Several important questions remain. While some explanations are now available for the phenotypic heterogeneity of Hb E/β-thalassaemia, including the better-defined influence of certain genetic factors as possible modifiers, cross-sectional studies of different ages suffer from several difficulties. In particular, in Hb E/β-thalassaemia because of changing phenotypes and variable medical interventions, it is difficult to accurately characterize the severity of this disease. Its remarkable phenotypic diversity is still not well understood. Such understanding would be augmented by a cohort study from birth or, because a significant proportion of patients with this condition present later than the first year of life, in a study to define phenotypes in children before the age of 12 yr and prior to substantial medical intervention.

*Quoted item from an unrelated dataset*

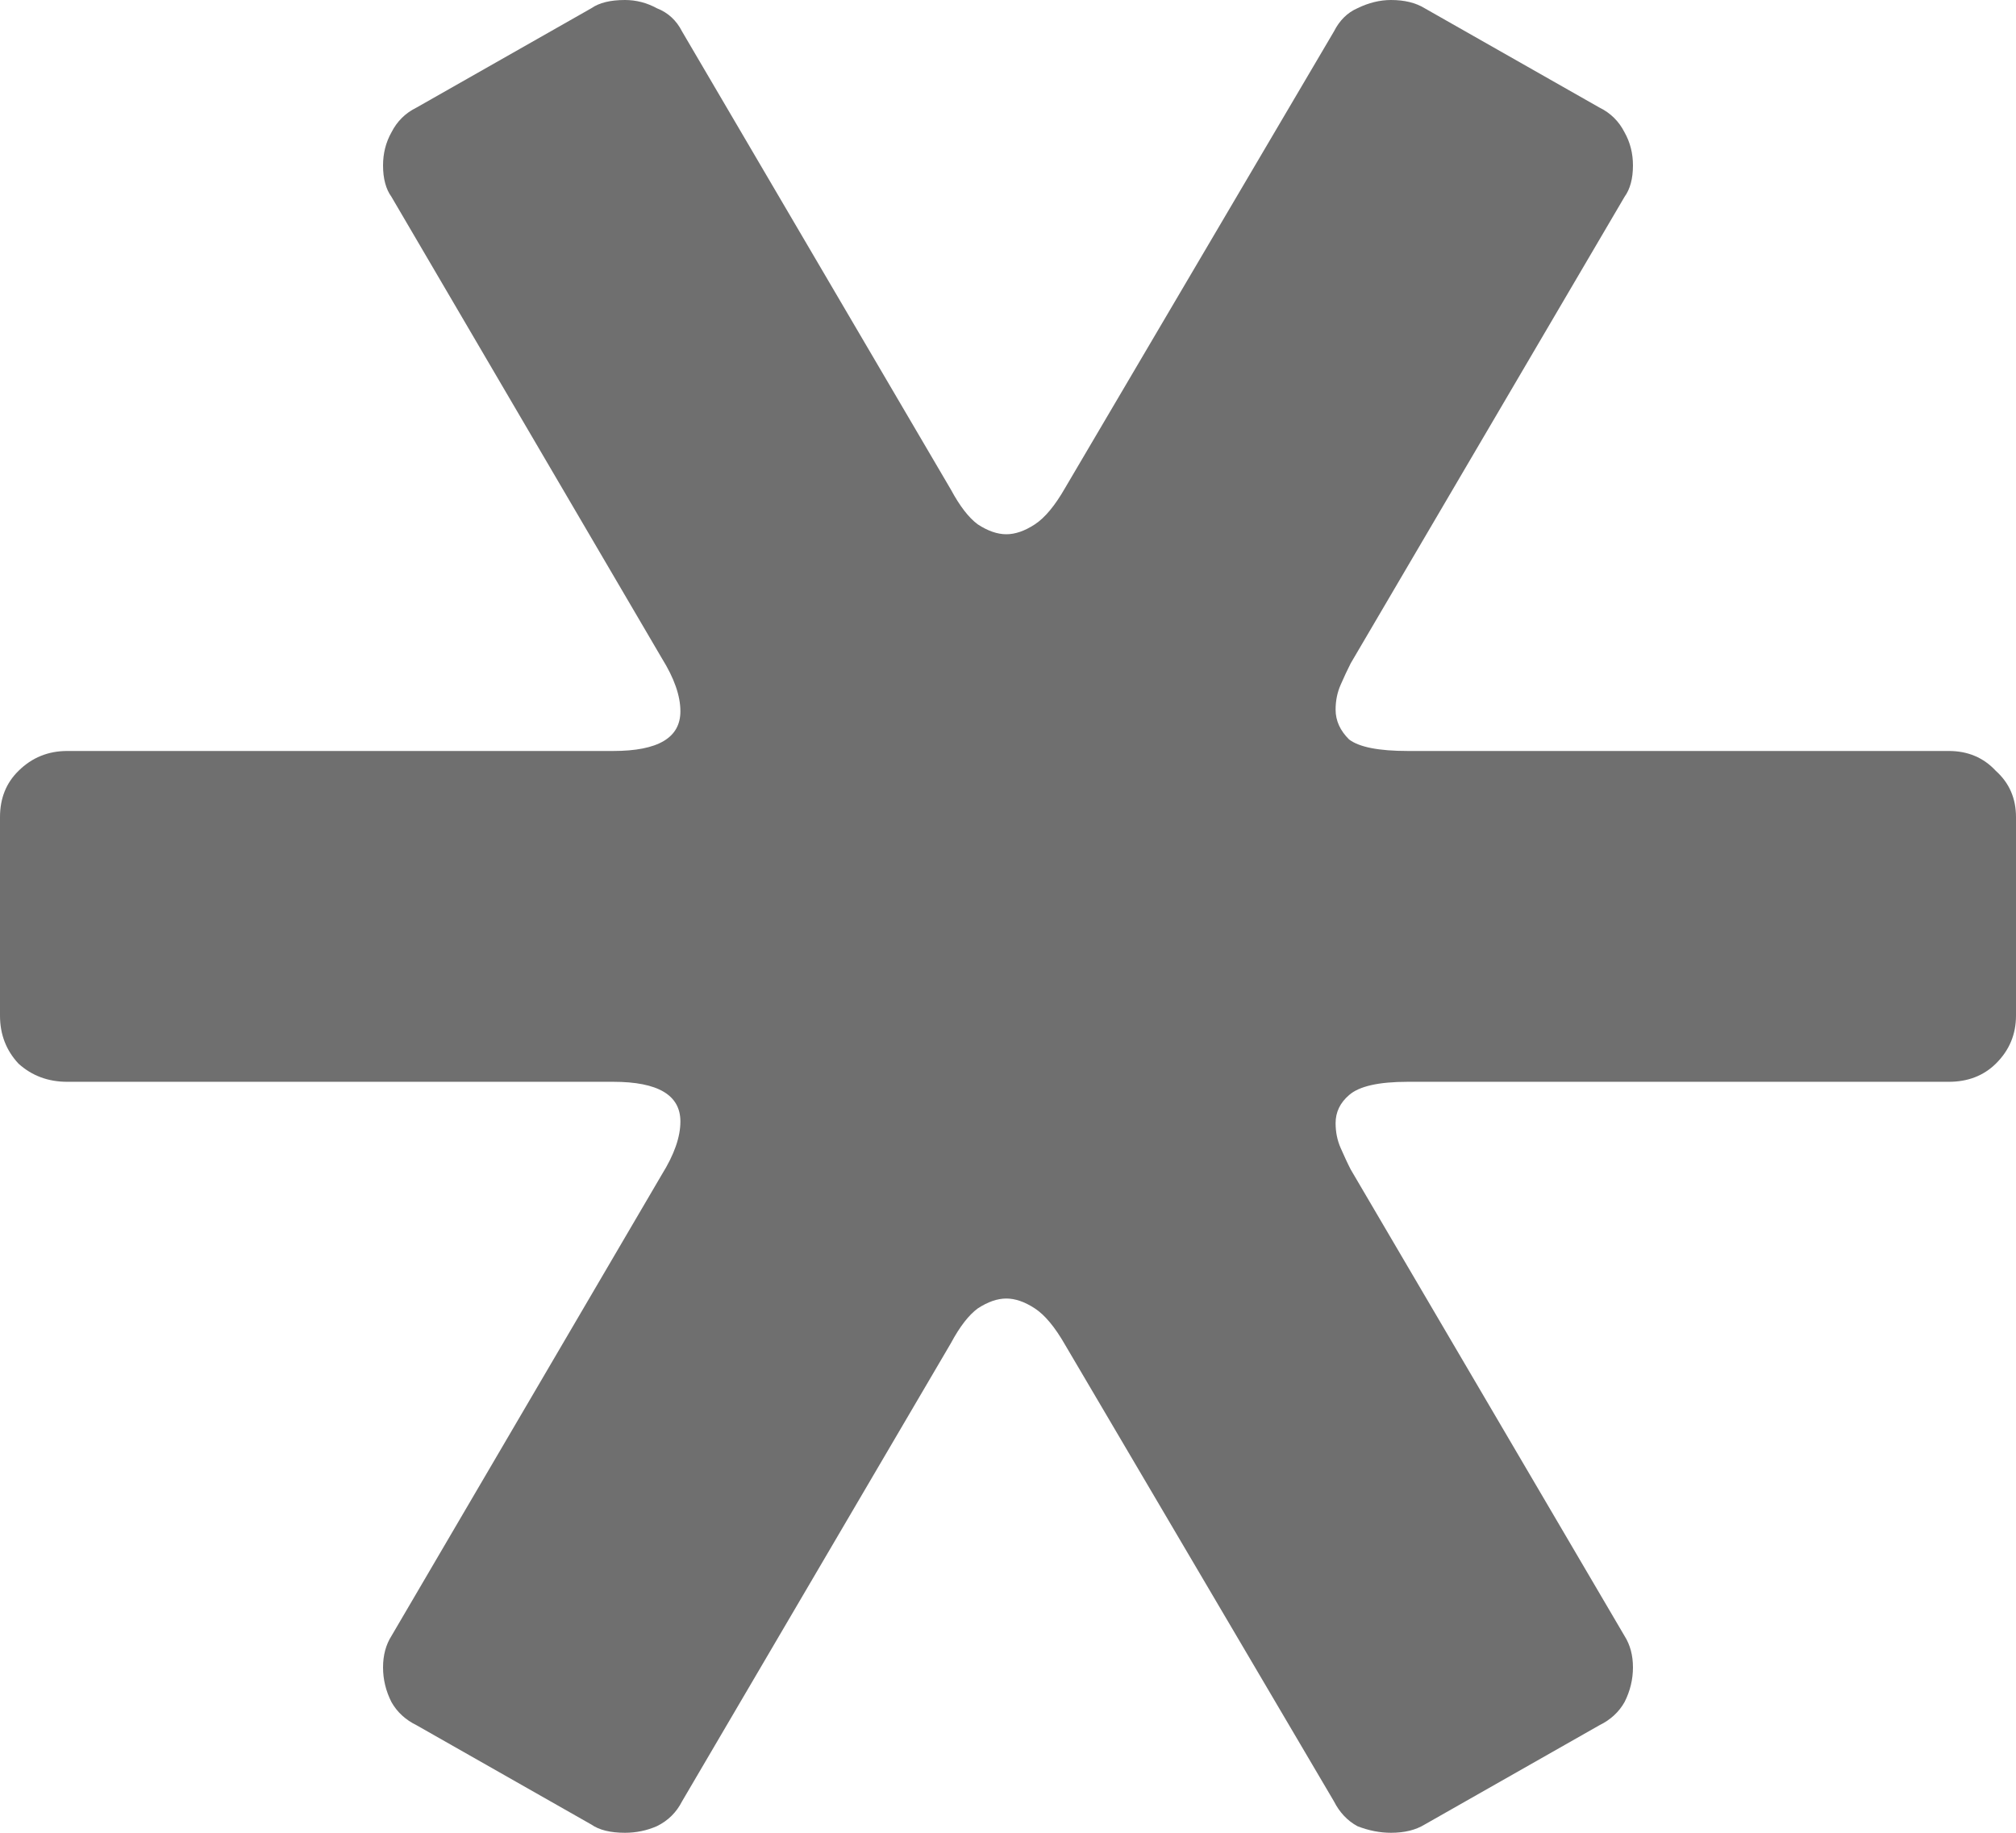 <?xml version="1.0" encoding="UTF-8"?> <svg xmlns="http://www.w3.org/2000/svg" width="22" height="20" viewBox="0 0 22 20" fill="none"><path d="M0 8.917C0 8.712 0.067 8.544 0.202 8.412C0.348 8.267 0.526 8.195 0.733 8.195H6.692C7.181 8.195 7.425 8.051 7.425 7.762C7.425 7.593 7.358 7.401 7.223 7.184L4.272 2.148C4.211 2.064 4.18 1.949 4.18 1.805C4.18 1.673 4.211 1.552 4.272 1.444C4.333 1.324 4.424 1.233 4.547 1.173L6.453 0.09C6.539 0.03 6.661 0 6.82 0C6.942 0 7.058 0.03 7.168 0.09C7.291 0.138 7.382 0.223 7.443 0.343L10.377 5.343C10.474 5.523 10.572 5.65 10.67 5.722C10.78 5.794 10.884 5.83 10.982 5.83C11.079 5.83 11.183 5.794 11.293 5.722C11.403 5.65 11.513 5.517 11.623 5.325L14.557 0.343C14.618 0.223 14.703 0.138 14.813 0.09C14.936 0.03 15.058 0 15.18 0C15.327 0 15.449 0.03 15.547 0.09L17.453 1.173C17.576 1.233 17.667 1.324 17.728 1.444C17.789 1.552 17.82 1.673 17.82 1.805C17.82 1.949 17.789 2.064 17.728 2.148L14.74 7.238C14.703 7.31 14.667 7.389 14.63 7.473C14.593 7.557 14.575 7.647 14.575 7.744C14.575 7.864 14.624 7.972 14.722 8.069C14.832 8.153 15.046 8.195 15.363 8.195H21.267C21.474 8.195 21.646 8.267 21.78 8.412C21.927 8.544 22 8.712 22 8.917V11.083C22 11.288 21.927 11.462 21.78 11.607C21.646 11.739 21.474 11.805 21.267 11.805H15.363C15.046 11.805 14.832 11.853 14.722 11.95C14.624 12.034 14.575 12.136 14.575 12.256C14.575 12.353 14.593 12.443 14.63 12.527C14.667 12.611 14.703 12.69 14.74 12.762L17.728 17.852C17.789 17.948 17.82 18.063 17.82 18.195C17.82 18.327 17.789 18.454 17.728 18.574C17.667 18.682 17.576 18.767 17.453 18.827L15.547 19.91C15.449 19.97 15.327 20 15.18 20C15.058 20 14.936 19.976 14.813 19.928C14.703 19.868 14.618 19.777 14.557 19.657L11.623 14.675C11.513 14.483 11.403 14.35 11.293 14.278C11.183 14.206 11.079 14.17 10.982 14.17C10.884 14.17 10.78 14.206 10.67 14.278C10.572 14.35 10.474 14.476 10.377 14.657L7.443 19.657C7.382 19.777 7.291 19.868 7.168 19.928C7.058 19.976 6.942 20 6.82 20C6.661 20 6.539 19.97 6.453 19.91L4.547 18.827C4.424 18.767 4.333 18.682 4.272 18.574C4.211 18.454 4.18 18.327 4.18 18.195C4.18 18.063 4.211 17.948 4.272 17.852L7.223 12.816C7.358 12.599 7.425 12.407 7.425 12.238C7.425 11.95 7.181 11.805 6.692 11.805H0.733C0.526 11.805 0.348 11.739 0.202 11.607C0.067 11.462 0 11.288 0 11.083V8.917Z" fill="#6F6F6F"></path></svg>

Given what we have learned, what is the optimal management of patients with Hb E/β-thalassaemia who fail to adapt to anaemia? Although in one study24 evidence for benefit on growth and development following splenectomy was presented, it is unclear whether the frequent use of splenectomy is acceptable. It is clear that morbidity and mortality due to infection at all ages was significantly higher in splenectomized patients. But, because it now appears that marrow expansion and increasing splenomegaly are less marked in older patients, a trial or observational study of transient transfusion during the period of major expansion appears justified.
It will also be important to establish the reasons for variable iron loading, and the problems of patients who experience poor growth and sexual retardation in the absence of severe iron loading in larger cohorts with Hb E/β-thalassaemia. Further exploration of individual responses to anaemia is also required. There also remain limited data on the environmental factors which may modify the course of this disease; infection with malaria, for example, may prove an important modifying factor.
Finally, it is clear that the costs of thalassaemia care will represent an important proportion of the future healthcare budgets of Asia78. Hence, consideration of general guidelines for management, including careful consideration of maintaining such patients off transfusions, have been suggested for the management of Hb E/β-thalassaemia.